# Test hyphenation using Czech TeX hyphenation patterns

In [1]:
%load_ext dotenv
%dotenv
import os

base_dir = os.getenv("WORKING_DIR")
os.chdir(base_dir)

In [2]:
from src.data_loader_and_saver import JSONDataLoaderAndSaver

data_loader = JSONDataLoaderAndSaver(base_dir, input_data_dir="src/syllabification")

In [3]:
test_words = data_loader.load_data("resources/test_words")

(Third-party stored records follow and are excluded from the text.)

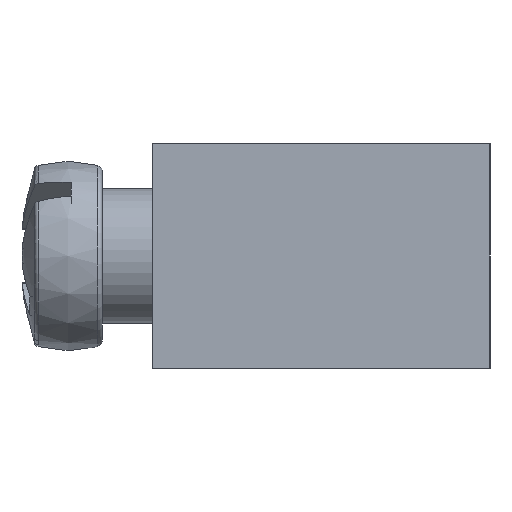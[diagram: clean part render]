
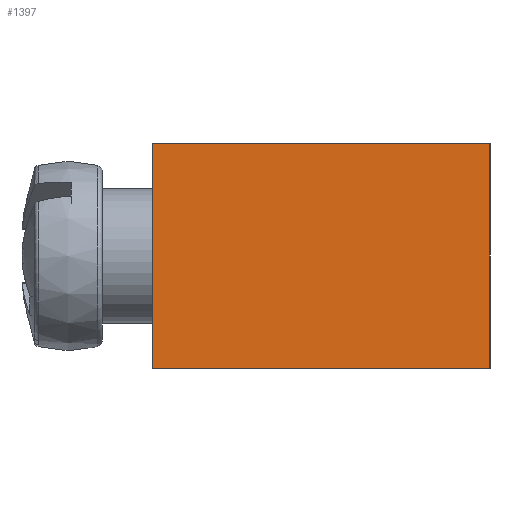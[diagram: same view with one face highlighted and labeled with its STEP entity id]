
A CAD part, left-side view. The second image highlights one B-rep face of the part: STEP entity #1397.
In plain terms, the highlighted planar face has unit normal (-1, 0, 0).
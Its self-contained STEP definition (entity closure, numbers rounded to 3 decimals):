
#79=LINE('',#2202,#113);
#81=LINE('',#2233,#115);
#86=LINE('',#2654,#120);
#87=LINE('',#2656,#121);
#113=VECTOR('',#1650,12.);
#115=VECTOR('',#1680,12.);
#120=VECTOR('',#1865,8.);
#121=VECTOR('',#1868,8.);
#148=PLANE('',#1545);
#447=FACE_OUTER_BOUND('',#616,.T.);
#616=EDGE_LOOP('',(#1112,#1113,#1114,#1115));
#692=VERTEX_POINT('',#2195);
#695=VERTEX_POINT('',#2200);
#709=VERTEX_POINT('',#2230);
#710=VERTEX_POINT('',#2232);
#822=EDGE_CURVE('',#695,#692,#79,.T.);
#836=EDGE_CURVE('',#709,#710,#81,.T.);
#894=EDGE_CURVE('',#710,#695,#86,.T.);
#895=EDGE_CURVE('',#692,#709,#87,.T.);
#1112=ORIENTED_EDGE('',*,*,#894,.F.);
#1113=ORIENTED_EDGE('',*,*,#836,.F.);
#1114=ORIENTED_EDGE('',*,*,#895,.F.);
#1115=ORIENTED_EDGE('',*,*,#822,.F.);
#1397=ADVANCED_FACE('',(#447),#148,.T.);
#1545=AXIS2_PLACEMENT_3D('',#2655,#1866,#1867);
#1650=DIRECTION('',(0.,1.,0.));
#1680=DIRECTION('',(0.,-1.,0.));
#1865=DIRECTION('',(0.,0.,-1.));
#1866=DIRECTION('center_axis',(-1.,0.,0.));
#1867=DIRECTION('ref_axis',(0.,-1.,0.));
#1868=DIRECTION('',(0.,0.,1.));
#2195=CARTESIAN_POINT('',(-52.5,6.,-4.));
#2200=CARTESIAN_POINT('',(-52.5,-6.,-4.));
#2202=CARTESIAN_POINT('',(-52.5,-6.,-4.));
#2230=CARTESIAN_POINT('',(-52.5,6.,4.));
#2232=CARTESIAN_POINT('',(-52.5,-6.,4.));
#2233=CARTESIAN_POINT('',(-52.5,-6.,4.));
#2654=CARTESIAN_POINT('',(-52.5,-6.,0.));
#2655=CARTESIAN_POINT('Origin',(-52.5,6.,0.));
#2656=CARTESIAN_POINT('',(-52.5,6.,0.));
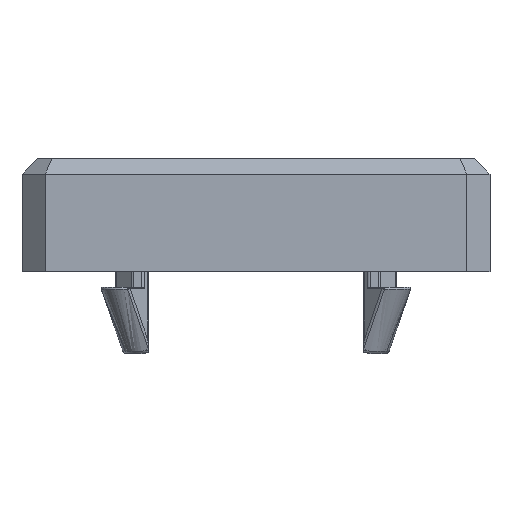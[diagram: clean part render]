
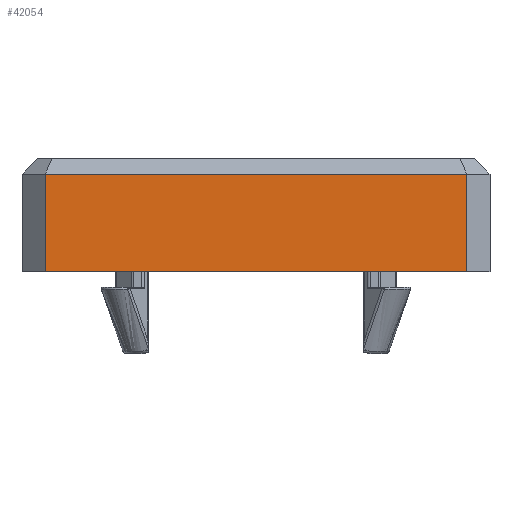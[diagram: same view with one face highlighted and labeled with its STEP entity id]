
A CAD part, left-side view. The second image highlights one B-rep face of the part: STEP entity #42054.
In plain terms, the highlighted planar face has unit normal (-1, 0, 0).
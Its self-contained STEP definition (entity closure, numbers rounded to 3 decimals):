
#29787=CARTESIAN_POINT('',(-74.,-27.,12.5));
#29788=VERTEX_POINT('',#29787);
#29797=CARTESIAN_POINT('',(-74.,-27.,0.0));
#29798=VERTEX_POINT('',#29797);
#29799=CARTESIAN_POINT('',(-74.,-27.,0.0));
#29800=DIRECTION('',(0.0,0.0,1.0));
#29801=VECTOR('',#29800,12.5);
#29802=LINE('',#29799,#29801);
#29803=EDGE_CURVE('',#29798,#29788,#29802,.T.);
#30945=CARTESIAN_POINT('',(-74.,27.,0.0));
#30946=VERTEX_POINT('',#30945);
#30971=CARTESIAN_POINT('',(-74.,27.,0.0));
#30972=DIRECTION('',(0.0,-1.0,0.0));
#30973=VECTOR('',#30972,54.0);
#30974=LINE('',#30971,#30973);
#30975=EDGE_CURVE('',#30946,#29798,#30974,.T.);
#42019=CARTESIAN_POINT('',(-74.,27.,12.5));
#42020=VERTEX_POINT('',#42019);
#42029=CARTESIAN_POINT('',(-74.,27.,0.0));
#42030=DIRECTION('',(0.0,0.0,1.0));
#42031=VECTOR('',#42030,12.5);
#42032=LINE('',#42029,#42031);
#42033=EDGE_CURVE('',#30946,#42020,#42032,.T.);
#42038=CARTESIAN_POINT('',(-74.,-27.,0.0));
#42039=DIRECTION('',(-1.0,0.0,0.0));
#42040=DIRECTION('',(0.0,0.0,1.0));
#42041=AXIS2_PLACEMENT_3D('',#42038,#42039,#42040);
#42042=PLANE('',#42041);
#42043=CARTESIAN_POINT('',(-74.,27.,12.5));
#42044=DIRECTION('',(0.0,-1.0,0.0));
#42045=VECTOR('',#42044,54.0);
#42046=LINE('',#42043,#42045);
#42047=EDGE_CURVE('',#42020,#29788,#42046,.T.);
#42048=ORIENTED_EDGE('',*,*,#42047,.F.);
#42049=ORIENTED_EDGE('',*,*,#42033,.F.);
#42050=ORIENTED_EDGE('',*,*,#30975,.T.);
#42051=ORIENTED_EDGE('',*,*,#29803,.T.);
#42052=EDGE_LOOP('',(#42048,#42049,#42050,#42051));
#42053=FACE_OUTER_BOUND('',#42052,.T.);
#42054=ADVANCED_FACE('',(#42053),#42042,.T.);

resources/test_words.json: loaded 26 records.


In [4]:
from src.syllabification.pat_data_loader import PatDataLoader

pat_data_loader = PatDataLoader(base_dir, "src/syllabification/resources")

In [5]:
patterns = pat_data_loader.load_data("csskhyphen.pat")
patterns[:10]

['.ad3aw',
 '.ads4',
 '.af3r',
 '.ai4č',
 '.ak3ry',
 '.al3s',
 '.as3k',
 '.as3t',
 '.at3at.',
 '.bel3h']

In [7]:
from src.syllabification.czech_tex_hyphenator import CzechTexHyphenator

tex_hyphenator = CzechTexHyphenator(patterns)

### Test hyphenation

In [8]:
for word in test_words:
    print(tex_hyphenator.hyphenate_word(word))

['nej', 'neob', 'ho', 's', 'po', 'da', 'řo', 'vá', 'va', 'tel', 'něj', 'ší', 'ho']
['hou', 's', 'ka']
['nej', 'atrak', 'tiv', 'něj', 'ší']
['nej', 'star', 'ší']
['nej', 'krá', 's', 'něj', 'ší']
['ne', 'mast', 'ný']
['ahoj']
['ital', 'šti', 'na']
['měk', 'ký']
['krk']
['ma', 'lí', 'ček']
['sna', 'ha']
['sna', 'cha']
['ame', 'tyst']
['hou', 'sen', 'ka']
['ko', 'ro', 'ze']
['hrad']
['skunk']
['mlok']
['šun', 'ka']
['sou', 'os', 't', 'ro', 'ví']
['rána']
['uvidím']
['vidím']
['nejv', 'ni', 'tř', 'něj', 'ším']
['tr', 'pa', 's', 'lík']


### Test hyphenation with heuristics

In [9]:
from src.syllabification.tex_heuristics import tex_heuristics

for word in test_words:
    print(tex_heuristics(tex_hyphenator.hyphenate_word(word)))

['nej', 'neob', 'hos', 'po', 'da', 'řo', 'vá', 'va', 'tel', 'něj', 'ší', 'ho']
['hous', 'ka']
['nej', 'atrak', 'tiv', 'něj', 'ší']
['nej', 'star', 'ší']
['nej', 'krás', 'něj', 'ší']
['ne', 'mast', 'ný']
['ahoj']
['ital', 'šti', 'na']
['měk', 'ký']
['krk']
['ma', 'lí', 'ček']
['sna', 'ha']
['sna', 'cha']
['ame', 'tyst']
['hou', 'sen', 'ka']
['ko', 'ro', 'ze']
['hrad']
['skunk']
['mlok']
['šun', 'ka']
['sou', 'ost', 'ro', 'ví']
['rána']
['uvidím']
['vidím']
['nejv', 'ni', 'tř', 'něj', 'ším']
['tr', 'pas', 'lík']